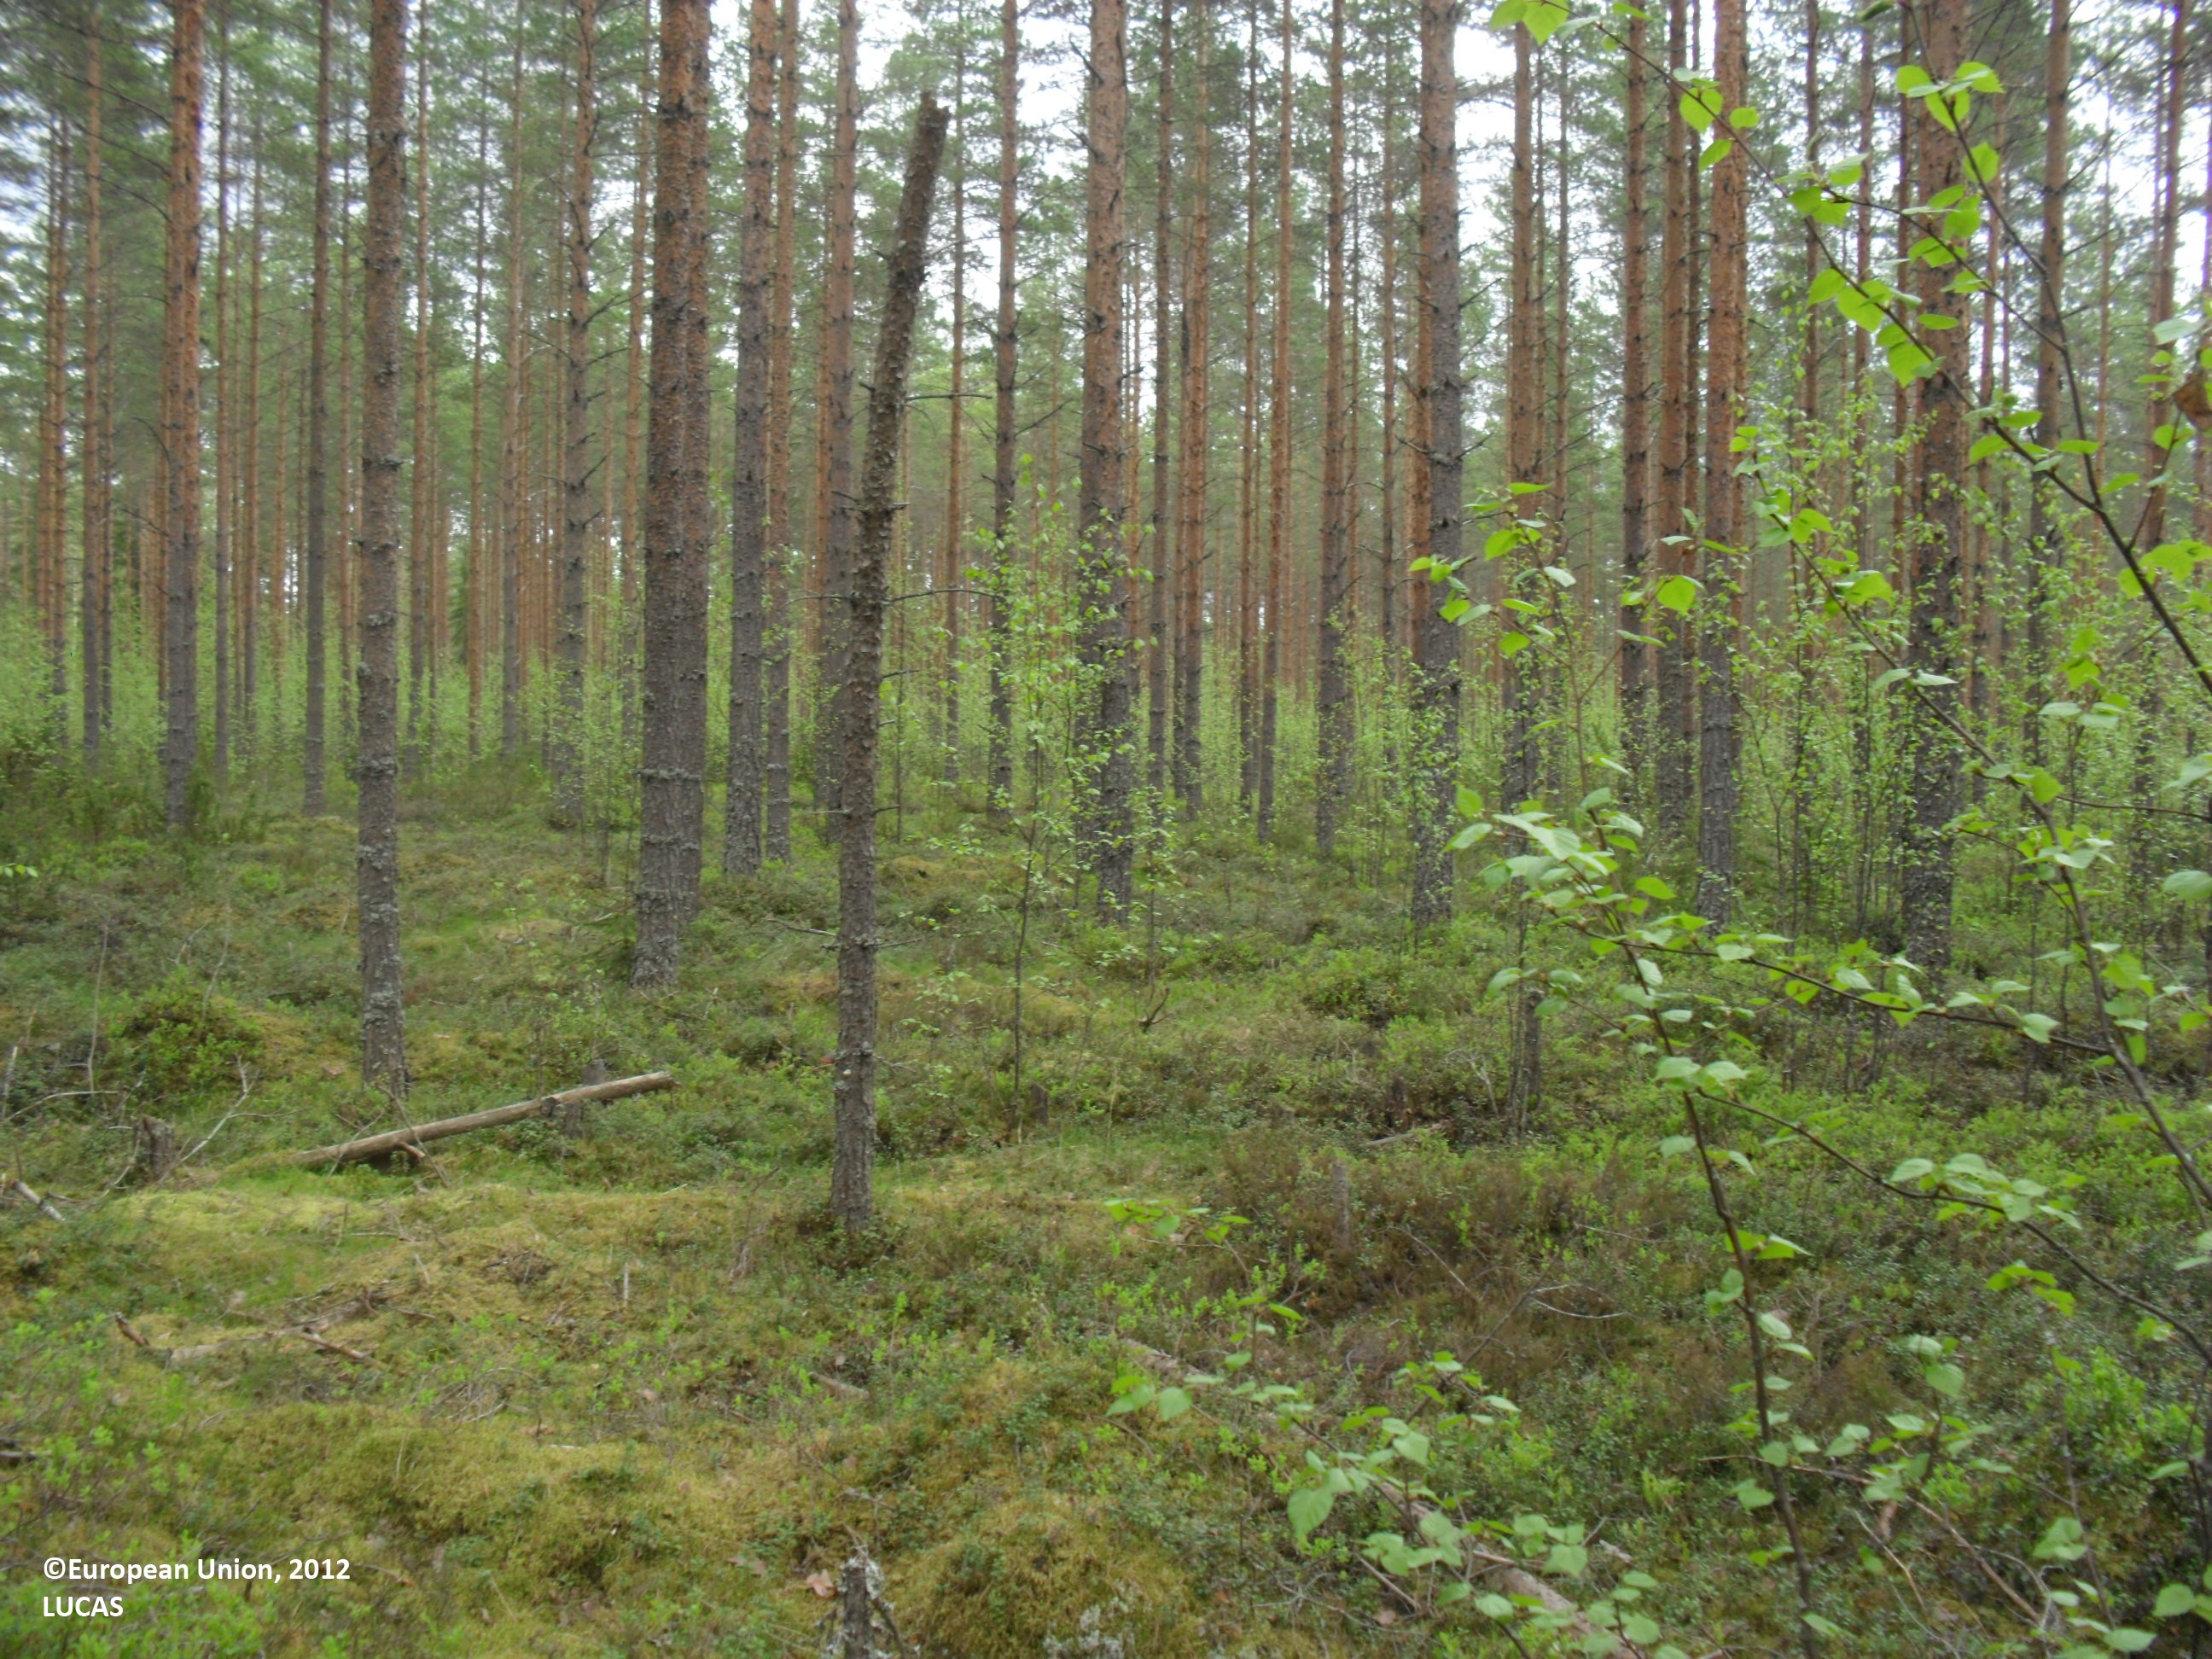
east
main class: Woodland
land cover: Pine dominated coniferous woodland
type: boreal forest
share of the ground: 50 - 75 %
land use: Forestry
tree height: > 5 m
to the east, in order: Pine dominated coniferous woodland; Ditches and canals; Pine dominated coniferous woodland; Ditches and canals; Pine dominated coniferous woodland; Tracks; Pine dominated coniferous woodland; Tracks; Pine dominated coniferous woodland; Ditches and canals; Other mixed woodland; Pine dominated coniferous woodland; Tracks; Pine dominated coniferous woodland
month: June
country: FI
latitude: 63.0996
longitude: 23.3164
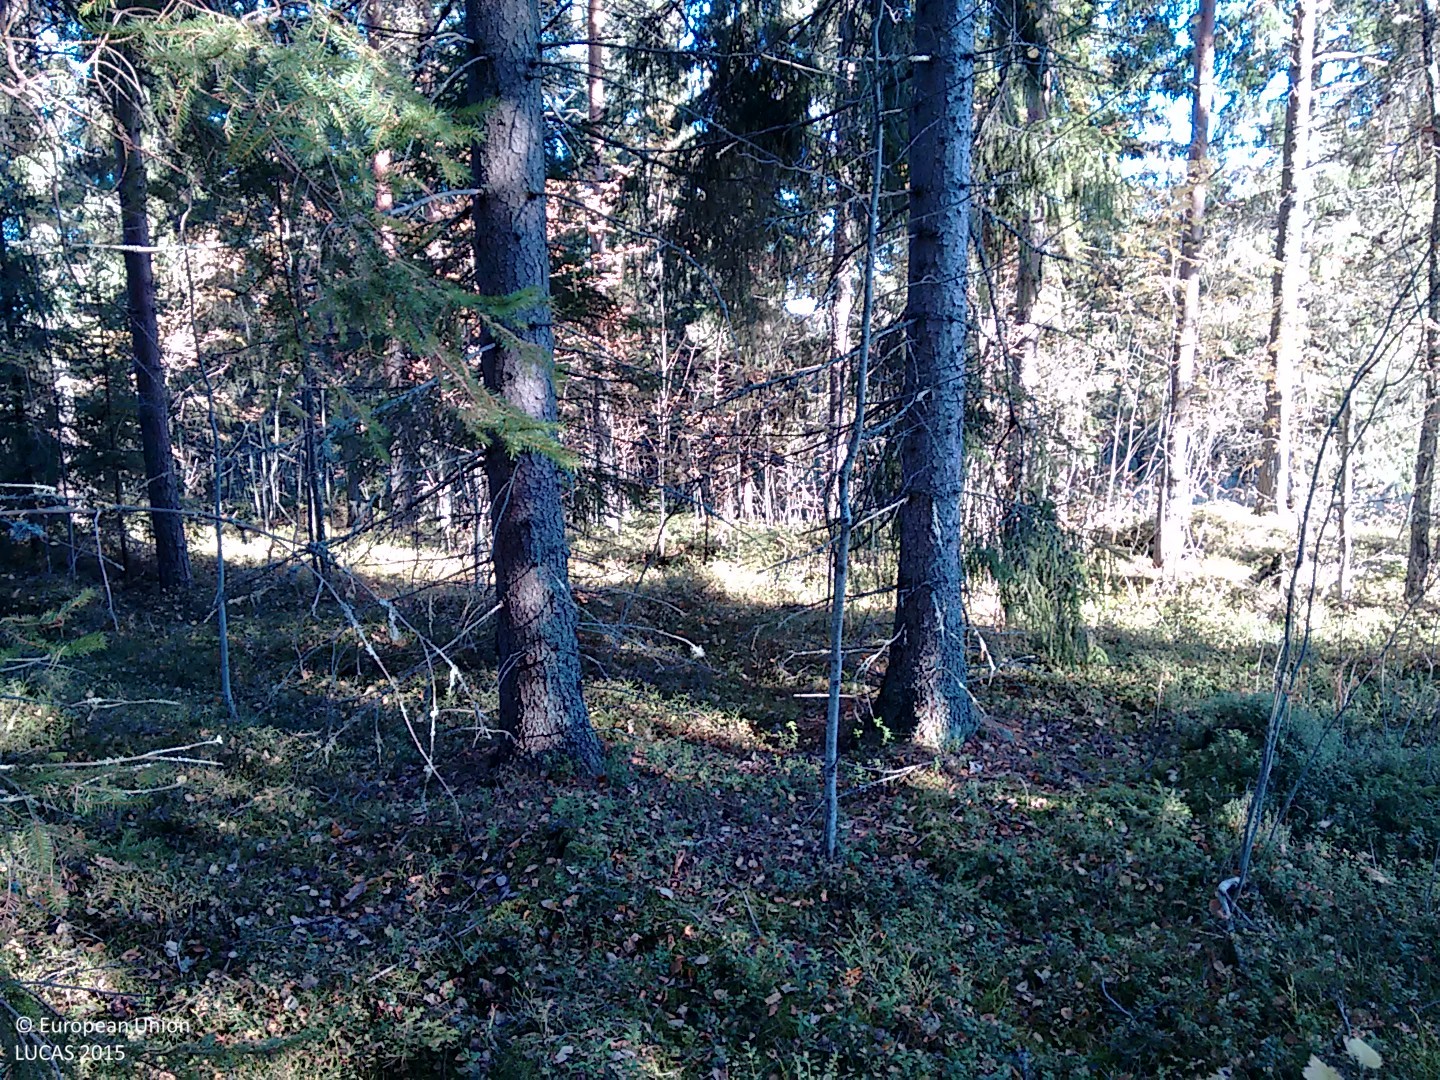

........

Reproduce the data above exactly, leaving each picture out.

▸ Result of the task
east
main class: Woodland
land cover: Pine dominated coniferous woodland
type: boreal forest
share of the ground: 50 - 75 %
land use: Forestry
tree height: > 5 m
to the east, in order: Pine dominated coniferous woodland; Ditches and canals; Pine dominated coniferous woodland; Ditches and canals; Pine dominated coniferous woodland; Tracks; Pine dominated coniferous woodland; Tracks; Pine dominated coniferous woodland; Ditches and canals; Other mixed woodland; Pine dominated coniferous woodland; Tracks; Pine dominated coniferous woodland
month: June
country: FI
latitude: 63.0996
longitude: 23.3164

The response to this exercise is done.